For nutritional deficiency:

Correcting the specific deficiency through diet or supplementation, guided by blood test results rather than guesswork.


For thyroid-related hair loss:

Treating the underlying thyroid condition typically resolves hair loss over several months.


For alopecia areata:

Options range from corticosteroid injections for limited patches to newer JAK inhibitor medications for more extensive disease, prescribed by a dermatologist.



When to See a Doctor


Consult a doctor or dermatologist if you experience sudden or patchy hair loss, hair loss with scalp pain, itching, redness or scaling, hair loss alongside other symptoms such as fatigue or weight changes, or any hair loss causing significant distress — early treatment generally produces better outcomes regardless of cause.

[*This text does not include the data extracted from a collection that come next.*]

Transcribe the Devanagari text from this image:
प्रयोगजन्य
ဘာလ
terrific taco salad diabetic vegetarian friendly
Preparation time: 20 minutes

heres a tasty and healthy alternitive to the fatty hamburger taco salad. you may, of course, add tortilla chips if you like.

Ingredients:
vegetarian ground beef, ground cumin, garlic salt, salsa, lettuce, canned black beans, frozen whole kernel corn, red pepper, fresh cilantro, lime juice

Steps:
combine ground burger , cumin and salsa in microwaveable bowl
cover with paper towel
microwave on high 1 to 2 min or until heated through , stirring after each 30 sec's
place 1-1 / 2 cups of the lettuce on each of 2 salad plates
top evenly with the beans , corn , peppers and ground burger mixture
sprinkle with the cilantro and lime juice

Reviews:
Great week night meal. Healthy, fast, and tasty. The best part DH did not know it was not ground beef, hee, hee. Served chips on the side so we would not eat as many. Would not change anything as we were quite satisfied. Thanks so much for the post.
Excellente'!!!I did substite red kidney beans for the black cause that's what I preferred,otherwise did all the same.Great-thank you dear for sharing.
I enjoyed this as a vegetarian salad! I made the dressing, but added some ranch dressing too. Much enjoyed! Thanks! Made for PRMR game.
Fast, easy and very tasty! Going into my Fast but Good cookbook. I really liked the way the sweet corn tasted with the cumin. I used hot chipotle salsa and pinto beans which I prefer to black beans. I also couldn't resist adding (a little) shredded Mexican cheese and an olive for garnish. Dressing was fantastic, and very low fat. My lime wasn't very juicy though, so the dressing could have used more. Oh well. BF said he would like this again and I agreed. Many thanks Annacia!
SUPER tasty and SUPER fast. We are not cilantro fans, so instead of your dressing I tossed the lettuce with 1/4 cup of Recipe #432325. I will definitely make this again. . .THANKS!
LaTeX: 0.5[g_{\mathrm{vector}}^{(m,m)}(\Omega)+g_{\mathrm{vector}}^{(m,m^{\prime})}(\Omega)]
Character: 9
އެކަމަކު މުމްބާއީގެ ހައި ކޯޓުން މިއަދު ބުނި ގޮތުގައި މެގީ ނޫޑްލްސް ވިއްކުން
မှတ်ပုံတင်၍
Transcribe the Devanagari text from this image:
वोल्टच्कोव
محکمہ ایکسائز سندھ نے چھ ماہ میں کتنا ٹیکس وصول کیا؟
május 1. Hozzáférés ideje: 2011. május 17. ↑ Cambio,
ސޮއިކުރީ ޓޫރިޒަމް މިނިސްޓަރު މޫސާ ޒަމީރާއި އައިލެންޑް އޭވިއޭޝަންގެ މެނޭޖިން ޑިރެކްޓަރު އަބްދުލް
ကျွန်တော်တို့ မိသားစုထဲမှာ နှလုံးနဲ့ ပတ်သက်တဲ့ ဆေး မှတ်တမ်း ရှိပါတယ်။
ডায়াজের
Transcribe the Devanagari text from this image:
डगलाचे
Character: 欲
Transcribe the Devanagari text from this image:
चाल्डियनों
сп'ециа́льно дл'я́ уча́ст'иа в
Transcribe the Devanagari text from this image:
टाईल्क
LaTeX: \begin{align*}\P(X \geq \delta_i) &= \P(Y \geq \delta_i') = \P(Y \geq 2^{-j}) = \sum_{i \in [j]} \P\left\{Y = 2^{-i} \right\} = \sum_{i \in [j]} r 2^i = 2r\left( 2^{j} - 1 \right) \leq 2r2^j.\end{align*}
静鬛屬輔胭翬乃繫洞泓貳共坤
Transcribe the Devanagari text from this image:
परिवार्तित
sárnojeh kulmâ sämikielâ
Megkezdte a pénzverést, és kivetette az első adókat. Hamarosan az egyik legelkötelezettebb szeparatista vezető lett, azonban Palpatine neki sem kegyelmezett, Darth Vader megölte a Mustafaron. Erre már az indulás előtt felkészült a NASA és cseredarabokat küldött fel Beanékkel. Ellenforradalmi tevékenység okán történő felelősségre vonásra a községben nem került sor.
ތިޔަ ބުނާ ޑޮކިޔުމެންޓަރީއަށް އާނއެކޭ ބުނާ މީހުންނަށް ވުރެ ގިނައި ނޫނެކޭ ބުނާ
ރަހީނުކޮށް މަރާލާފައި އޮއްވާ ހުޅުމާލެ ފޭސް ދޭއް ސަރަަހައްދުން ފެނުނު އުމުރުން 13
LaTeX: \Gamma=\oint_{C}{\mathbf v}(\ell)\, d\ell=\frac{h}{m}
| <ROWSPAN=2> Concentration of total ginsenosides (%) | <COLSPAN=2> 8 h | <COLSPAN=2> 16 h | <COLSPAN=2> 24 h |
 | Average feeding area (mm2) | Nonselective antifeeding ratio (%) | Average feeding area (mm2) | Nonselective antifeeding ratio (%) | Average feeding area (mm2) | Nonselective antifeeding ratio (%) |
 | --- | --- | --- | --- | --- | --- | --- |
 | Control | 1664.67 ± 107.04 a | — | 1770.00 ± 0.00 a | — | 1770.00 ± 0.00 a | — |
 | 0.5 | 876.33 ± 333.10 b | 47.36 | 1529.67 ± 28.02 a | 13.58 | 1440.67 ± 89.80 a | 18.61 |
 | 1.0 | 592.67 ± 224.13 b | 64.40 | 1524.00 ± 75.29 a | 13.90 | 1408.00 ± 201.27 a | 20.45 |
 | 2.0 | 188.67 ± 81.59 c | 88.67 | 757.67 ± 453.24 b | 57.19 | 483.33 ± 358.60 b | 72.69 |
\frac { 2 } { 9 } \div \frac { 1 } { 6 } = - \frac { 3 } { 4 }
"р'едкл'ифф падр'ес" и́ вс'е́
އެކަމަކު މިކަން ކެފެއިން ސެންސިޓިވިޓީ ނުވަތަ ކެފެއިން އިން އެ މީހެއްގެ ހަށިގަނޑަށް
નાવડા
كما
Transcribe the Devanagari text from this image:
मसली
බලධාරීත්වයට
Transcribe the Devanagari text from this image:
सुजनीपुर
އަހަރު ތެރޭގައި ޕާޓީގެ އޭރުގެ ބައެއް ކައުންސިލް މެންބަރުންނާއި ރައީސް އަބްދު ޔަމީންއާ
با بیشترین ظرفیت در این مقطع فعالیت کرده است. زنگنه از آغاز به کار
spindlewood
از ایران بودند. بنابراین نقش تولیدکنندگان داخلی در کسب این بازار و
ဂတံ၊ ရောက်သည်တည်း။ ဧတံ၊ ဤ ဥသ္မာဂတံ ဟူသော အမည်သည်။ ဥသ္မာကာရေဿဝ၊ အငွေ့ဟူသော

Frequently Asked Questions


Is hair loss always permanent?

No. Telogen effluvium, nutritional deficiency-related hair loss, and thyroid-related hair loss are typically reversible once the underlying cause is addressed. Androgenetic alopecia is progressive but can be significantly slowed or partially reversed with appropriate treatment, particularly when started early.


Can stress really cause hair loss?

Yes. Significant physical or emotional stress can trigger telogen effluvium, a temporary diffuse shedding that typically begins 2–3 months after the stressful event and resolves on its own within several months.


Should I get blood tests for hair loss?

If the cause is not obvious, blood tests checking thyroid function, ferritin and iron levels, and a complete blood count are a reasonable first step, since several common causes are detectable and treatable this way.


Does postpartum hair loss go away on its own?

Yes, in most cases. Postpartum telogen effluvium typically peaks around 3–4 months after delivery and resolves naturally within 6–12 months as hormone levels normalise.


Is minoxidil safe for long-term use?

Minoxidil has been used for decades and is generally considered safe for long-term use. However, its effects are not permanent — hair loss typically resumes within months if treatment is stopped, so it is intended as ongoing therapy rather than a one-time fix.



Disclaimer: This article is for informational purposes only and does not constitute medical advice. Always consult a licensed healthcare professional or dermatologist for diagnosis and personalised treatment recommendations regarding hair loss.